| Overall: | B+ |
|---|---|
| Violence: | C |
| Sexual Content: | A- |
| Language: | A |
| Drugs/Alcohol: | C+ |
| Run Time: | 106 |
| Theater Release: | |
| Video Release: | 01 Nov 2011 |
| MPAA Rating: | |
| See Canadian Ratings | |
| How We Determine Our Grades | |
Why Is Cars 2 Rated G?
Violence: The animated cars in this film are subjected to various violent scenarios. A car is held and tortured with a ray gun that will cause his fuel to explode unless he reveals secret information—he is eventually killed. (This weapon is used on other vehicles as well.) Criminals reveal a car that has been crushed into a small cube. A car falls from an oil platform into the ocean and smashes into pieces. In other scenes cars are captured and placed in danger. Characters are exposed to frequent peril, crashes and threatened explosions.
Sexual Content: A character makes a veiled reference to being embarrassed after watching a movie in his hotel room. Some romantic references are made between male and female cars.

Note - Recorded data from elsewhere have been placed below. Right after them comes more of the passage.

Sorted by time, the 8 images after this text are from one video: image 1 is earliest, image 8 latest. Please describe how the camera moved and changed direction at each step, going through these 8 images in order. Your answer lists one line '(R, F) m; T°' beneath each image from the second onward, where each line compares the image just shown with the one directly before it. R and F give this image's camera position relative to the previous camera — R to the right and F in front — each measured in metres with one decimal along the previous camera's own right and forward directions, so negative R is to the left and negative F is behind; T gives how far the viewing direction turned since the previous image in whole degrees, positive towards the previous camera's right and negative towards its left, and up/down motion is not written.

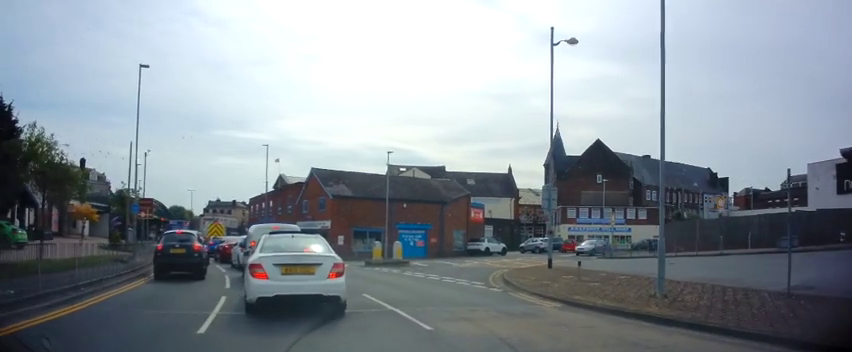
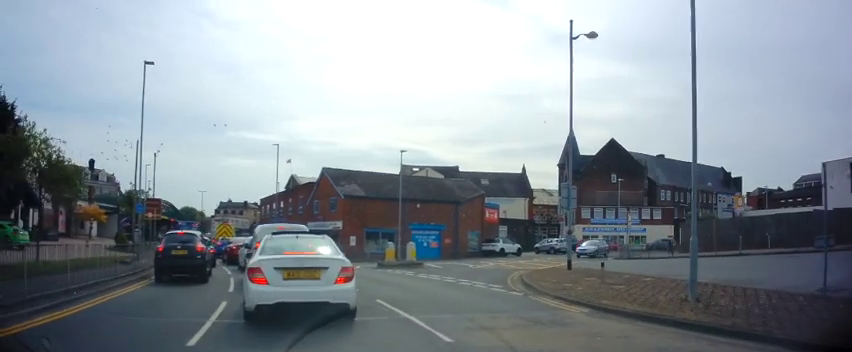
(-0.1, +0.7) m; -2°
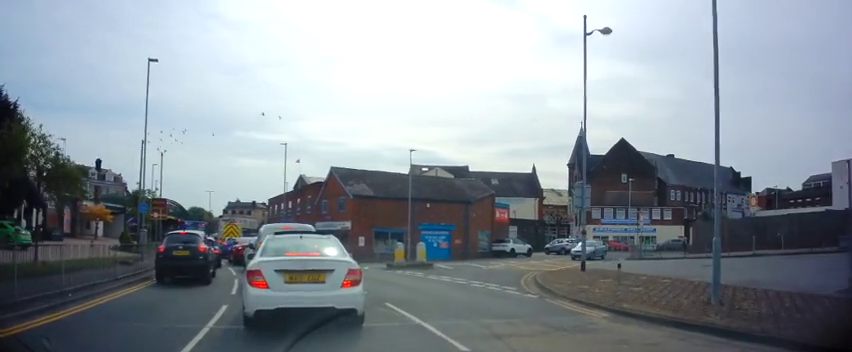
(-0.1, +0.5) m; 0°
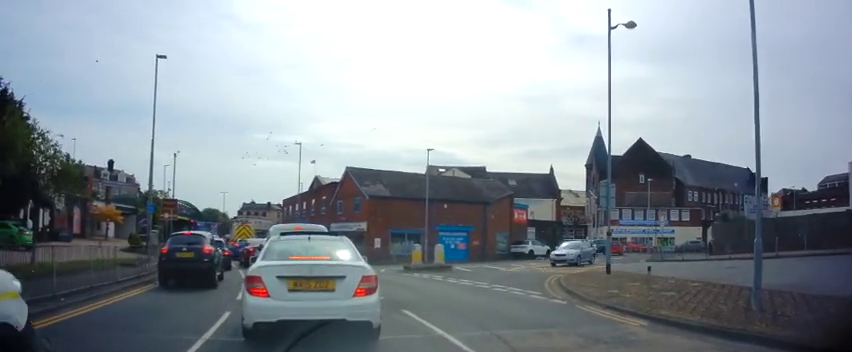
(0.0, +0.7) m; 0°
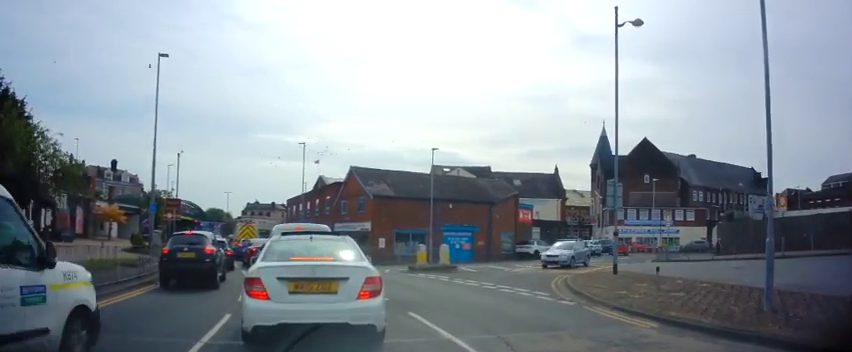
(+0.1, +0.2) m; 0°
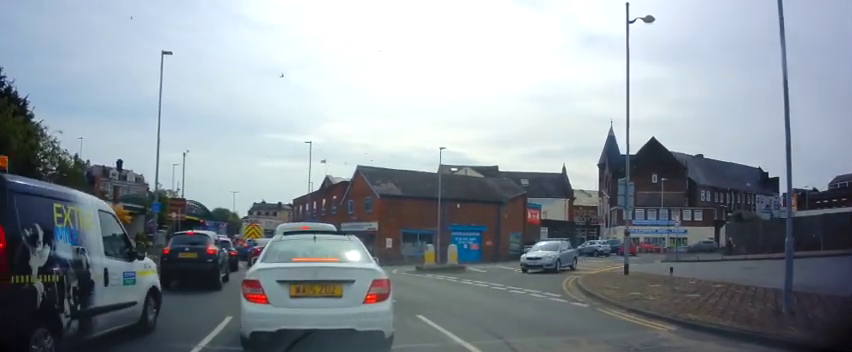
(+0.2, +0.2) m; 0°
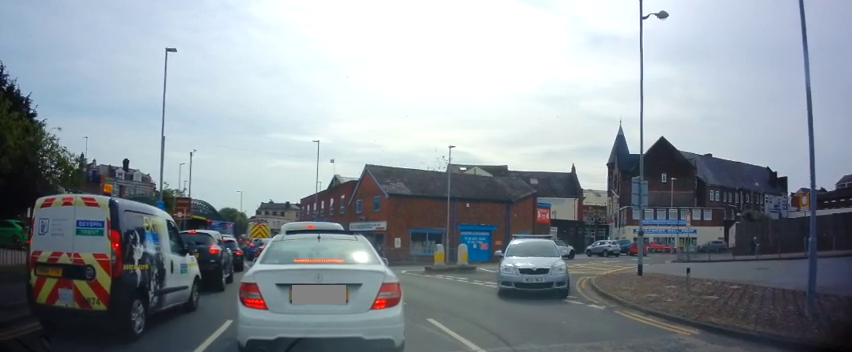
(0.0, +0.1) m; 0°
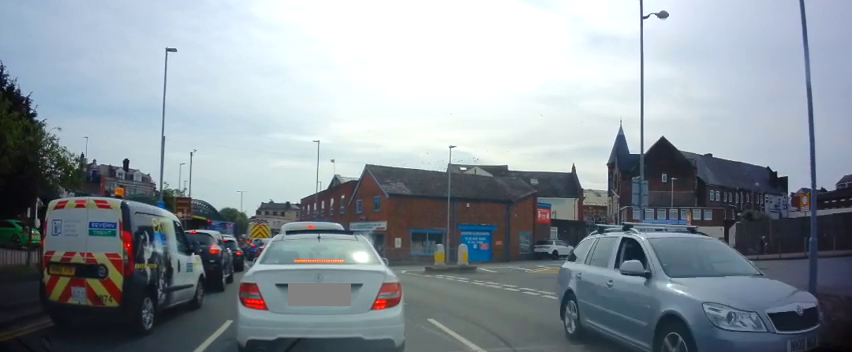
(0.0, 0.0) m; 0°

Language: No profanities were noted.
Drugs/Alcohol: Cars are seen at parties, pubs and other social settings consuming what looks like alcoholic beverages.
Other: After leaking oil at a party, Mator heads to a Japanese restroom in a panic. There he encounters an automated toilet with comical references to scatological issues. After consuming spicy food he belches gas from his tailpipe.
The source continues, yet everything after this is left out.